Top of Data extracts
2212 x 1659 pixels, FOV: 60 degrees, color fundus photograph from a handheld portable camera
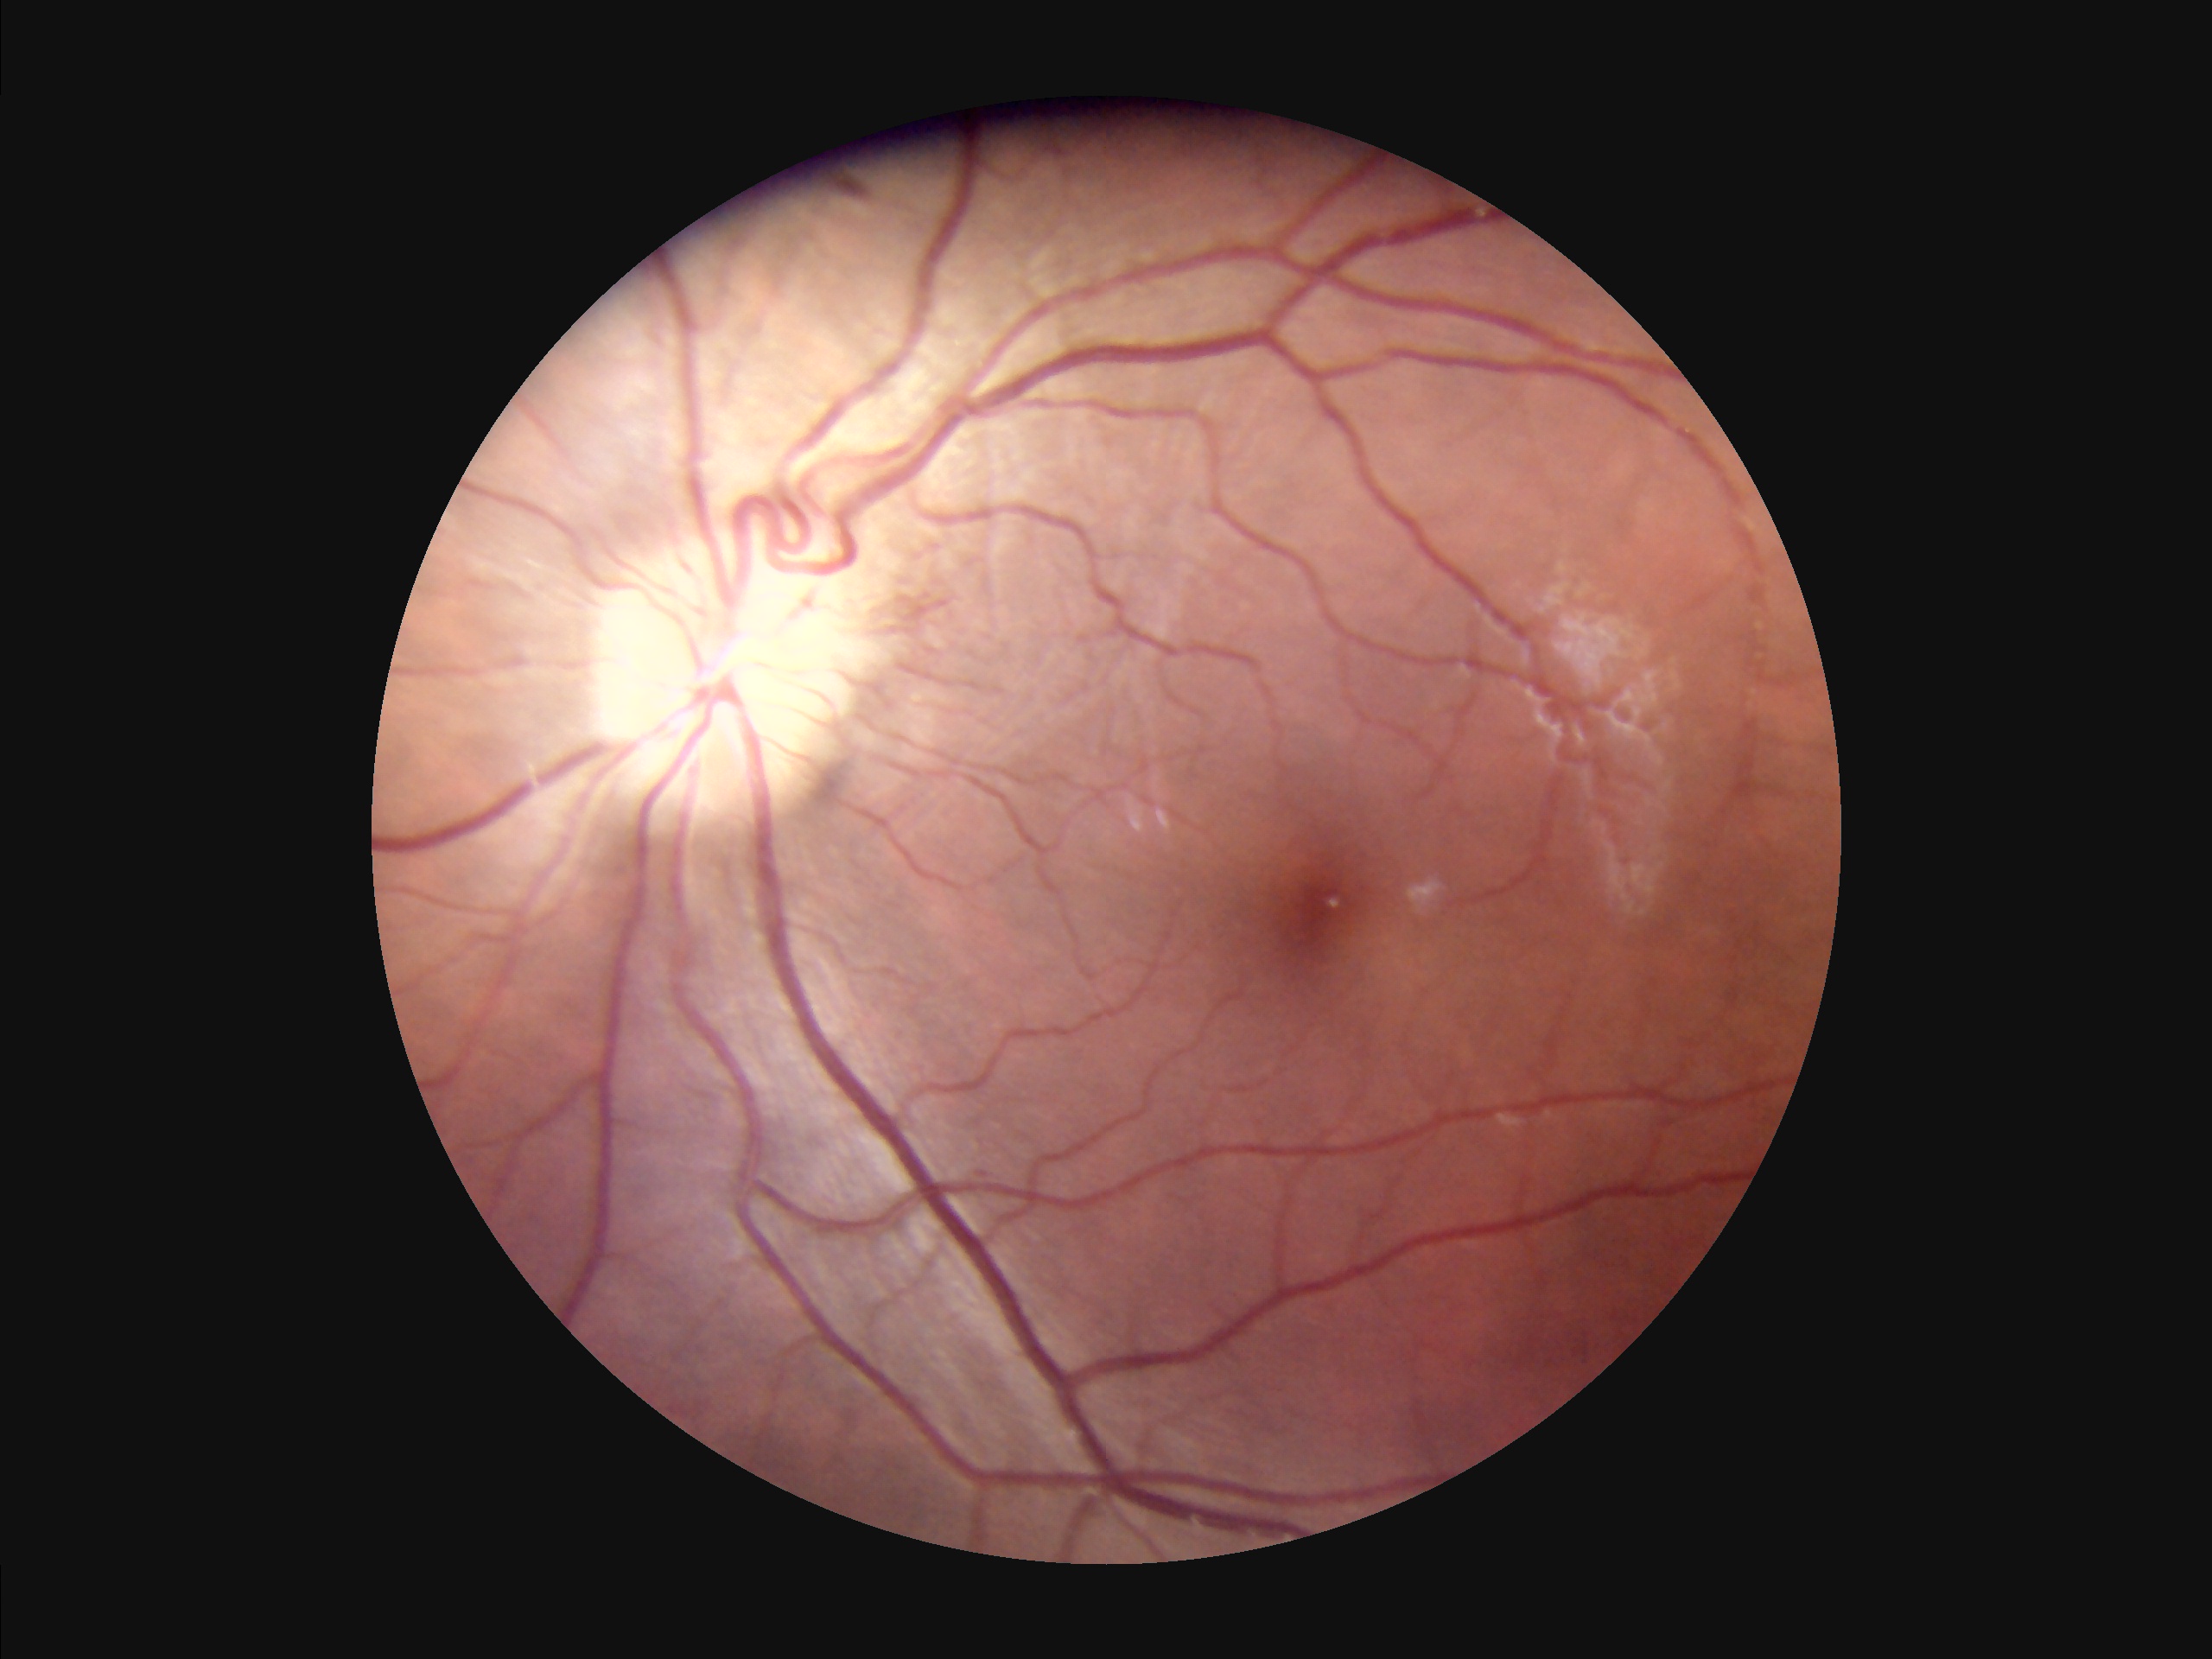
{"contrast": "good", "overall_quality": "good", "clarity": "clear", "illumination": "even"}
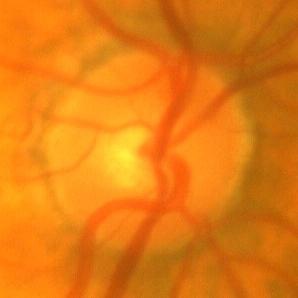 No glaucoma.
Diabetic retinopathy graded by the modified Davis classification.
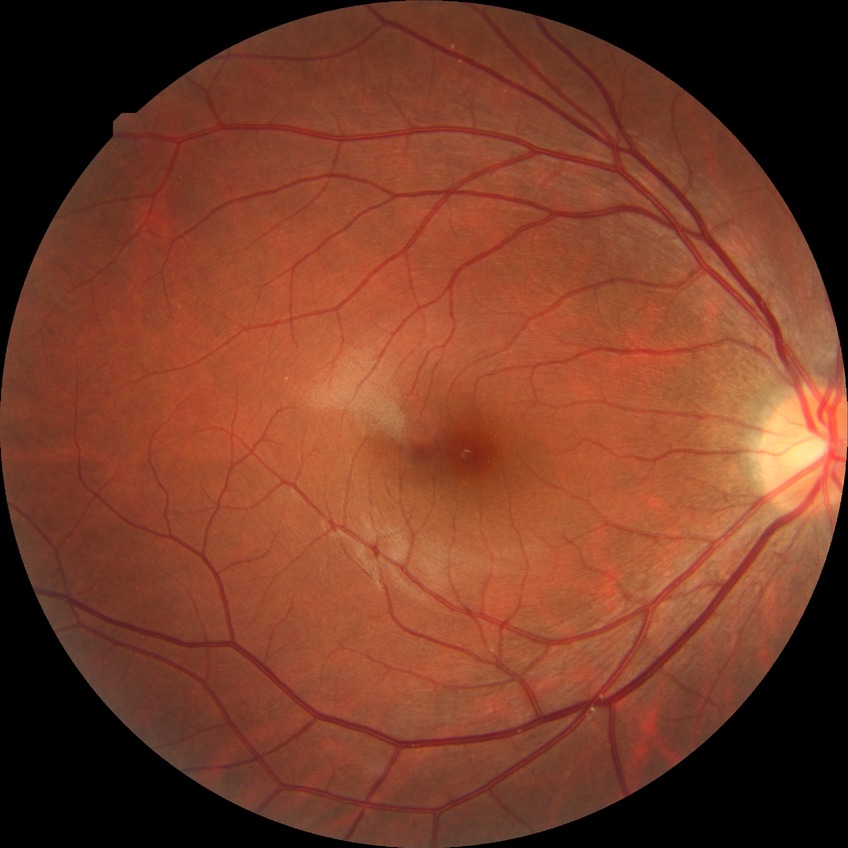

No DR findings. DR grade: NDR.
Bottom of Data extracts
**Action item**. The expected answer is the listing above, duplicated exactly, with its pictures removed.

**Response to this exercise**.
2212 x 1659 pixels, FOV: 60 degrees, color fundus photograph from a handheld portable camera
{"contrast": "good", "overall_quality": "good", "clarity": "clear", "illumination": "even"}
 No glaucoma.
Diabetic retinopathy graded by the modified Davis classification.

No DR findings. DR grade: NDR.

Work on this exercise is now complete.